▸ **Task description**
The entries below are to be given back exactly, with images excluded.

━━━━━ Provided records

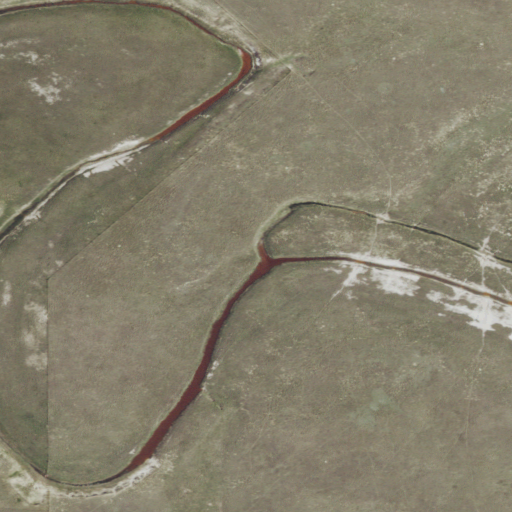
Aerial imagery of valley in Montana named Johnson Coulee containing grassland and shrub
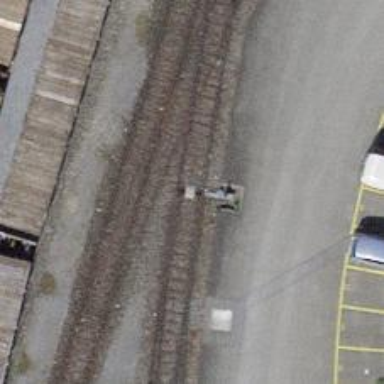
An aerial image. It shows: Railway switch.
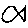
Label: fish
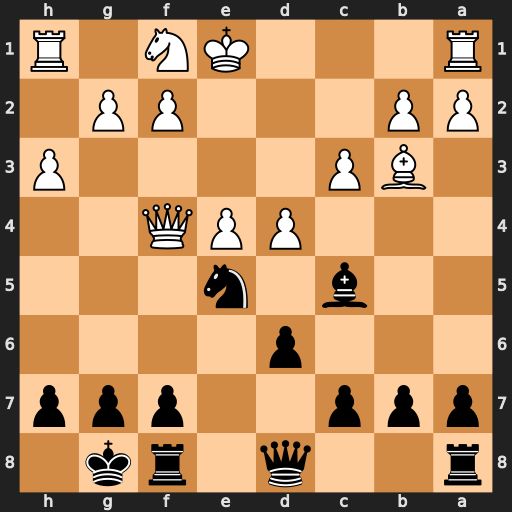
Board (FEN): r2q1rk1/ppp2ppp/3p4/2b1n3/3PPQ2/1BP4P/PP3PP1/R3KN1R
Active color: b
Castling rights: KQ
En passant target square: -
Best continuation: Nd3+ Kd2 Nxf4
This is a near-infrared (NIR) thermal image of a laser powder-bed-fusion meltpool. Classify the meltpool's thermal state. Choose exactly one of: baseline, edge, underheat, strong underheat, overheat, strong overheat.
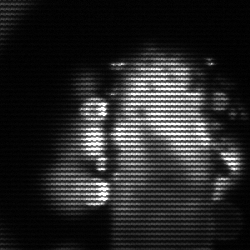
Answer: strong underheat
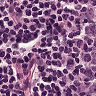
Metastatic tissue present: no
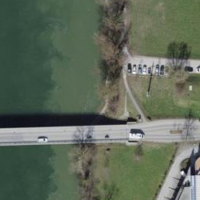
EUNIS habitat code: 15
Species observed at this site:
Tachybaptus ruficollis
Corvus corone
Podiceps cristatus
Dendrocopos major
Turdus viscivorus
Buteo buteo
Anthus pratensis
Cygnus olor
Ardea alba
Pica pica
Sitta europaea
Garrulus glandarius
Motacilla cinerea
Cyanistes caeruleus
Gonepteryx rhamni
Anas platyrhynchos
Sturnus vulgaris
Chloris chloris
Pyrrhula pyrrhula
Aythya fuligula
Fringilla coelebs
Humulus lupulus
Tadorna tadorna
Phalacrocorax carbo
Mareca strepera
Parus major
Mergus merganser
Milvus milvus
Turdus pilaris
Cinclus cinclus
Motacilla alba
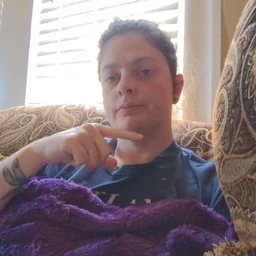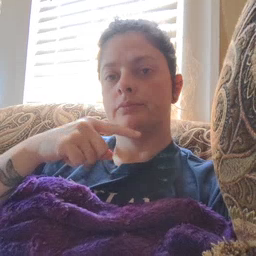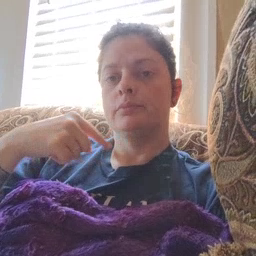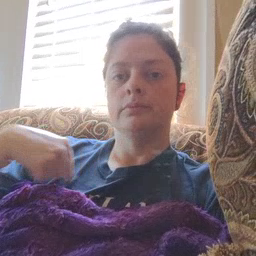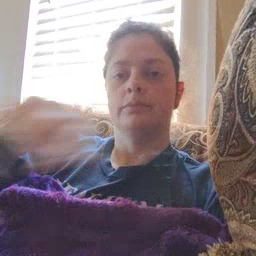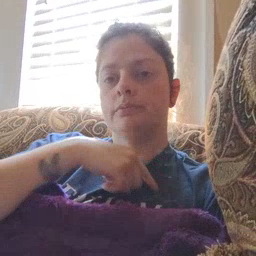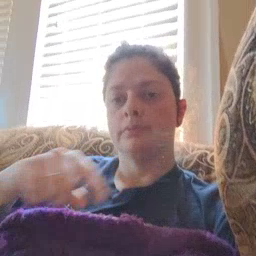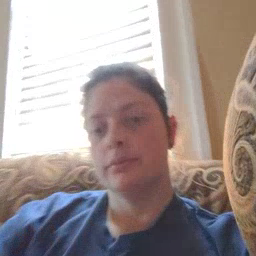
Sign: weus
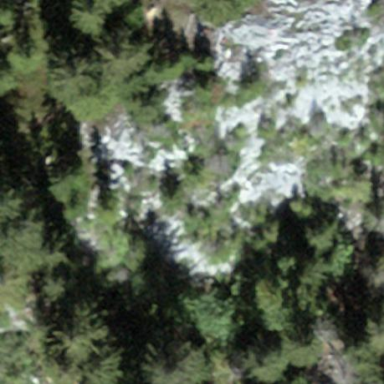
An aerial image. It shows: Landscape of bare rock.
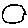
Label: circle
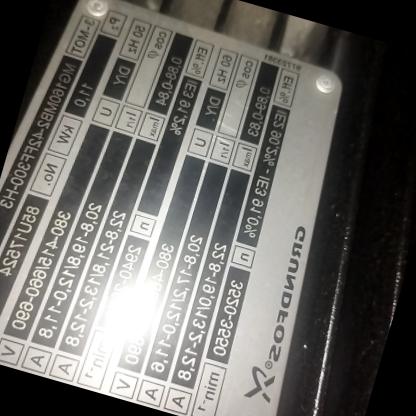
Klasa: tabliczka-znamionowa
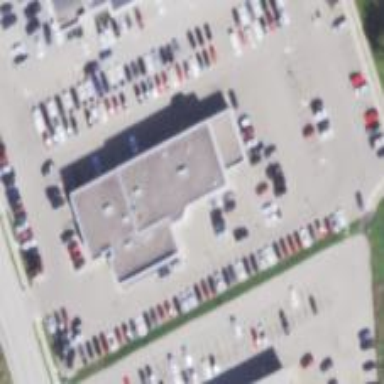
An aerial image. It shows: Parking area with surface.
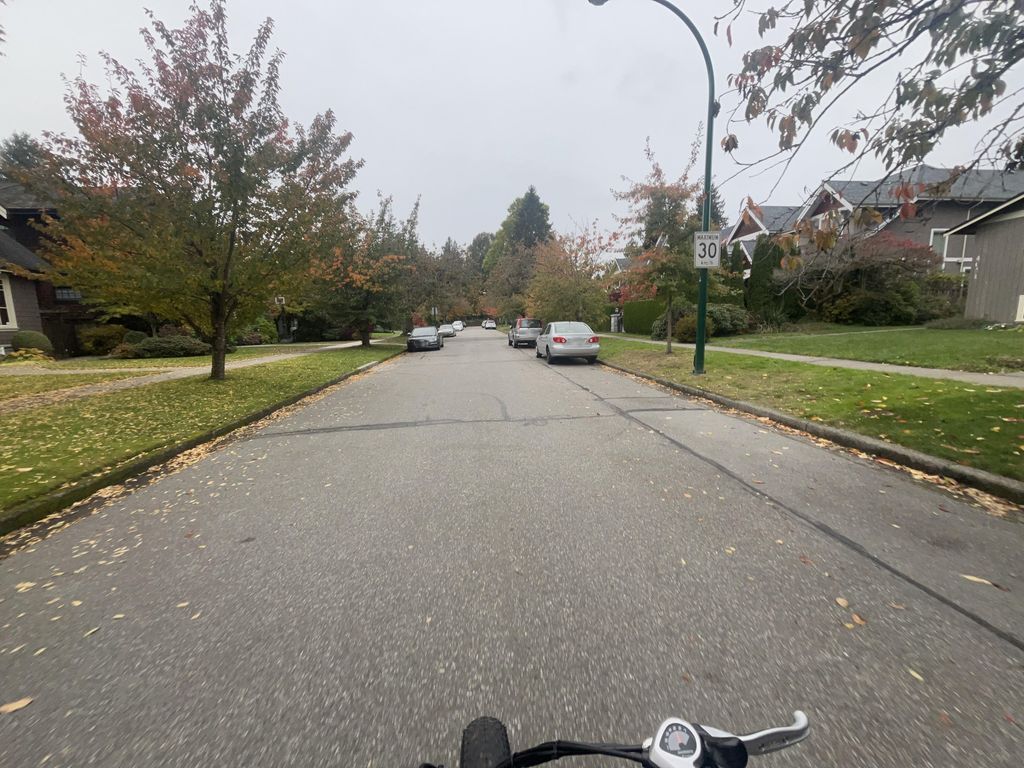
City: vancouver
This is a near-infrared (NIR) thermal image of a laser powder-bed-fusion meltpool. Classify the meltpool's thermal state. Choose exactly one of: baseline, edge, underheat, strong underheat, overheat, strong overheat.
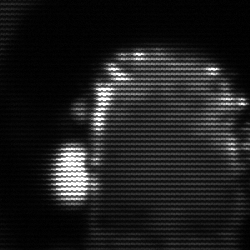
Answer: baseline
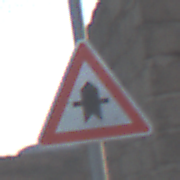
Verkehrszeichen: Vorfahrt
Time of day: SunriseSunset
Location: Outdoor (Nature)
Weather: Clear
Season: NotSpecified
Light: Natural
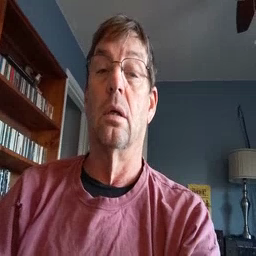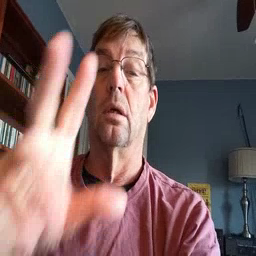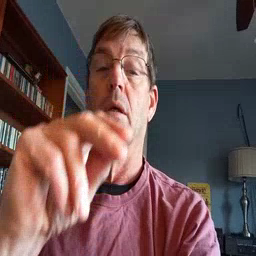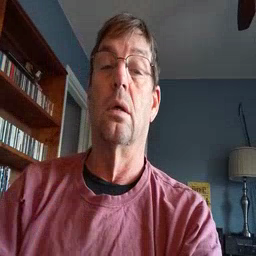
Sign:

━━━━━━━━━━

▸ **Task response**
Aerial imagery of valley in Montana named Johnson Coulee containing grassland and shrub
An aerial image. It shows: Railway switch.
Label: fish
Board (FEN): r2q1rk1/ppp2ppp/3p4/2b1n3/3PPQ2/1BP4P/PP3PP1/R3KN1R
Active color: b
Castling rights: KQ
En passant target square: -
Best continuation: Nd3+ Kd2 Nxf4
This is a near-infrared (NIR) thermal image of a laser powder-bed-fusion meltpool. Classify the meltpool's thermal state. Choose exactly one of: baseline, edge, underheat, strong underheat, overheat, strong overheat.
Answer: strong underheat
Metastatic tissue present: no
EUNIS habitat code: 15
Species observed at this site:
Tachybaptus ruficollis
Corvus corone
Podiceps cristatus
Dendrocopos major
Turdus viscivorus
Buteo buteo
Anthus pratensis
Cygnus olor
Ardea alba
Pica pica
Sitta europaea
Garrulus glandarius
Motacilla cinerea
Cyanistes caeruleus
Gonepteryx rhamni
Anas platyrhynchos
Sturnus vulgaris
Chloris chloris
Pyrrhula pyrrhula
Aythya fuligula
Fringilla coelebs
Humulus lupulus
Tadorna tadorna
Phalacrocorax carbo
Mareca strepera
Parus major
Mergus merganser
Milvus milvus
Turdus pilaris
Cinclus cinclus
Motacilla alba
Sign: weus
An aerial image. It shows: Landscape of bare rock.
Label: circle
Klasa: tabliczka-znamionowa
An aerial image. It shows: Parking area with surface.
City: vancouver
This is a near-infrared (NIR) thermal image of a laser powder-bed-fusion meltpool. Classify the meltpool's thermal state. Choose exactly one of: baseline, edge, underheat, strong underheat, overheat, strong overheat.
Answer: baseline
Verkehrszeichen: Vorfahrt
Time of day: SunriseSunset
Location: Outdoor (Nature)
Weather: Clear
Season: NotSpecified
Light: Natural
Sign:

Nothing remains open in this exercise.